An area dividing method that performs a classification process to classify a data group distributed in a space into a plurality of classes, and divides the space into labeled areas identified by the classes, the method comprising:
As a classifier that receives the data group and bias information for biasing the classification process and performs the classification process on the data group, a learning data group and information provided in advance for the learning data group are used. preparing a trained model that has been trained using the correct class and learning bias information that is the bias information derived from the correct class;
a region dividing step of inputting the data group and the bias information for the data group to the classifier and calculating the label region based on the output class classification result;
A region dividing method characterized by having the following.

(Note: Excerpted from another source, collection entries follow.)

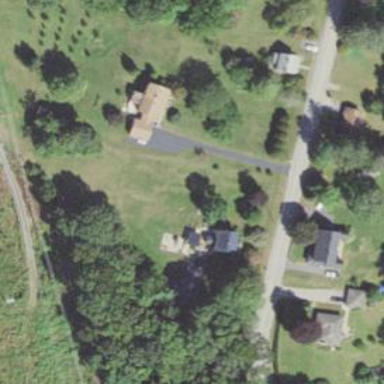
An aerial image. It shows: Residential driveway designated as service road.
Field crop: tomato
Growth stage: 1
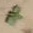
Species: solanum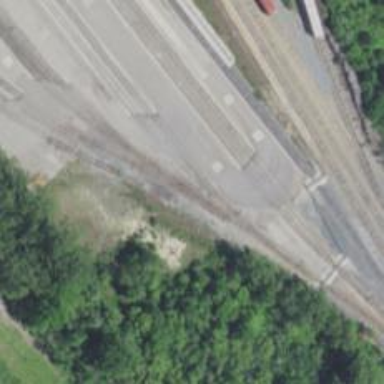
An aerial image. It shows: Rail spur service.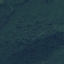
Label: Forest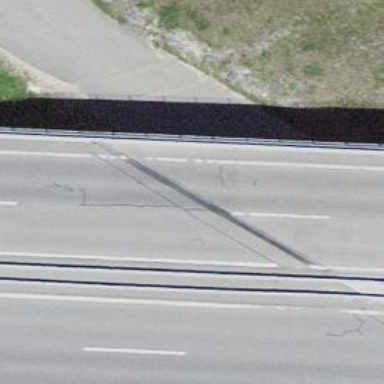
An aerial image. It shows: Motorway bridge with asphalt surface.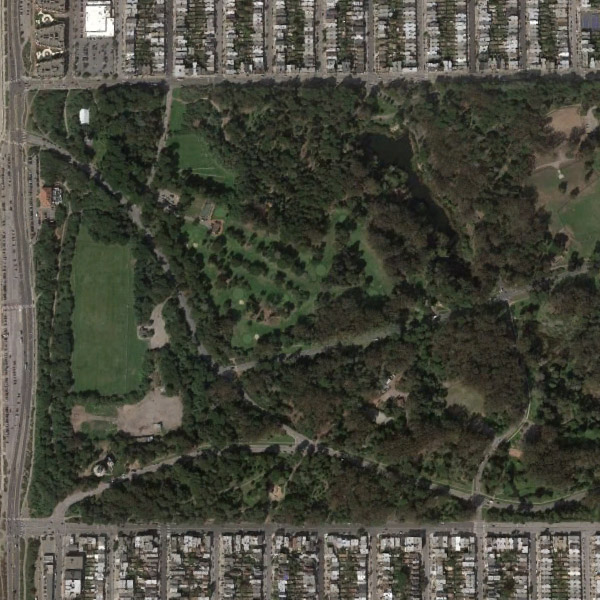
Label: Park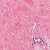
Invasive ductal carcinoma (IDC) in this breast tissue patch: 0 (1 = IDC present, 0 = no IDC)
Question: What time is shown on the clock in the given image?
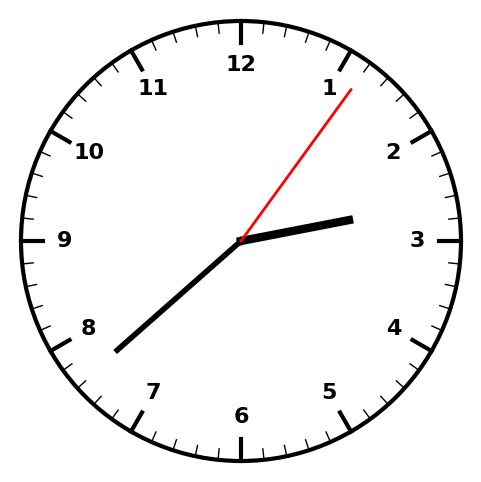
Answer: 02:38:06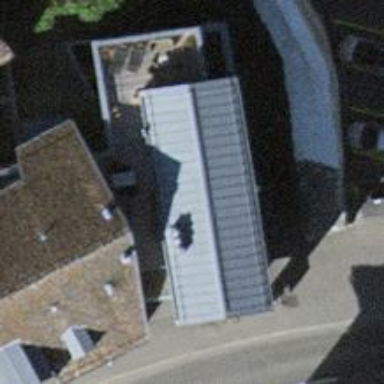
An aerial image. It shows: Flat-roofed building with grey roof and light grey facade.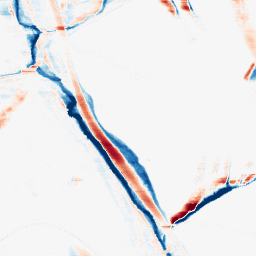
Category: morphological
Decomposition family: morphological_rect
Decomposition parameters: operation: average
width: 20
height: 3
Upsampling method: edge_directed
Upsampling parameters: scale: 4
Upsampling scale: 4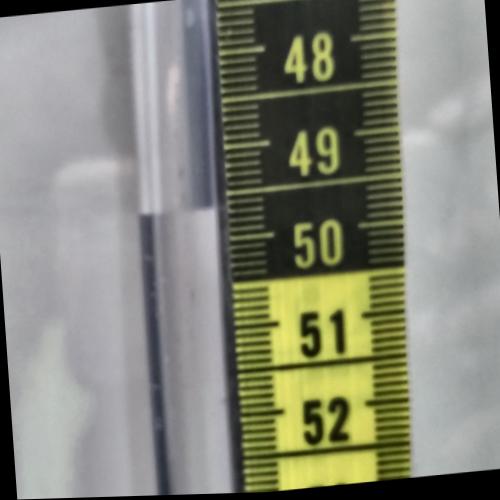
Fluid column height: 49.6 cm
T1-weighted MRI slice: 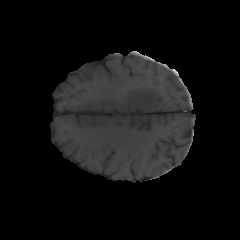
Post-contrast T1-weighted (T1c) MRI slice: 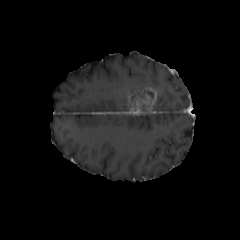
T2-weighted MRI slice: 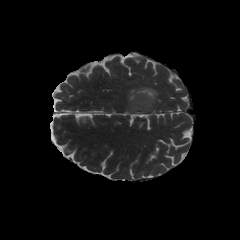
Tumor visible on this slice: yes
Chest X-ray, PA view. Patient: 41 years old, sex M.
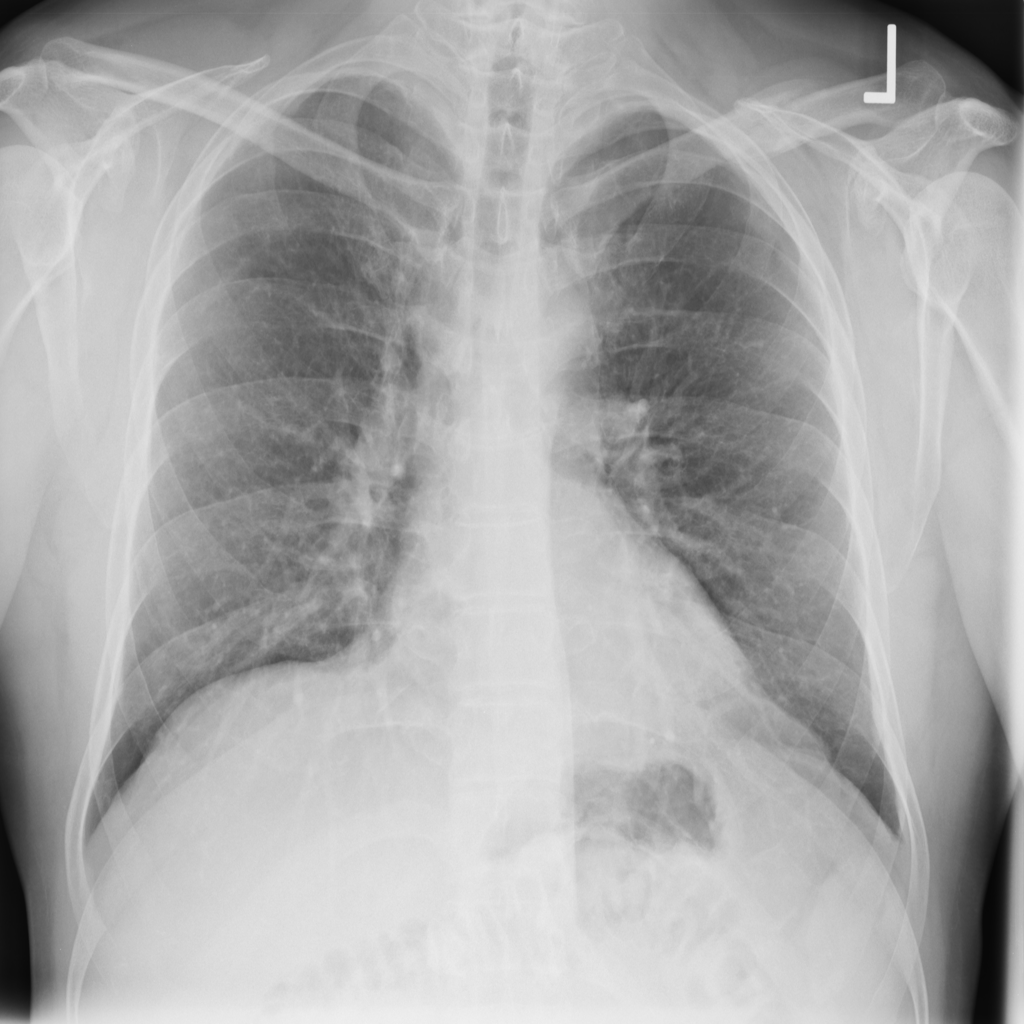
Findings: Fibrosis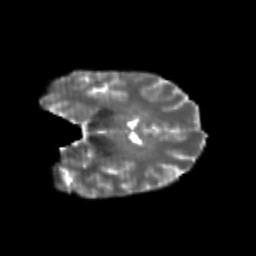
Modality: T2w
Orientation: coronal
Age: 23
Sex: female
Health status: healthy
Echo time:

A learning method for training a classifier that performs classification processing for classifying each of a plurality of data included in a data group obtained by measuring the space into a plurality of classes for each space to be measured, the method comprising:
As the classifier, a learning model is prepared that receives the data group and bias information for biasing the classification process and outputs a class classification result for each of the plurality of data included in the data group. the step of
The bias information is derived from a correct class given in advance to each of a learning data group and a plurality of learning data included in the learning data group, and a correct answer class of each of the plurality of learning data. a step of preparing learning bias information;
a learning step of inputting the learning data group and the learning bias information to the learning model and performing learning to update the learning model based on the error of the output class classification result with respect to the correct answer;
A learning method characterized by having the following.

A program that causes a computer to perform a classification process to classify a data group distributed in a space into a plurality of classes, and to divide the space into label areas identified by the classes, the program comprising:
the computer,
As a classifier that receives the data group and bias information for biasing the classification process and performs the classification process on the data group, a learning data group and information provided in advance for the learning data group are used. a classifier storage means that stores a trained model that has been trained using a correct class and learning bias information that is the bias information derived from the correct class;
region dividing means for inputting the data group and the bias information for the data group into the classifier and calculating the label region based on the output class classification result;
An area division program characterized by functioning as a.

A program that causes a computer to perform processing to train a classifier that performs classification processing to classify each of multiple data included in a data group obtained by measuring the space into multiple classes for each space to be measured. hand,
the computer,
The classifier stores a learning model that receives the data group and bias information for biasing the classification process and outputs a class classification result for each of the plurality of data included in the data group. learning model storage means for
The bias information is derived from a correct class given in advance to each of a learning data group and a plurality of learning data included in the learning data group, and a correct answer class of each of the plurality of learning data. learning data storage means storing learning bias information; and
learning means that inputs the learning data group and the learning bias information into the learning model, and performs learning to update the learning model based on the error of the output class classification result with respect to the correct answer;
A learning program that is characterized by functioning as a.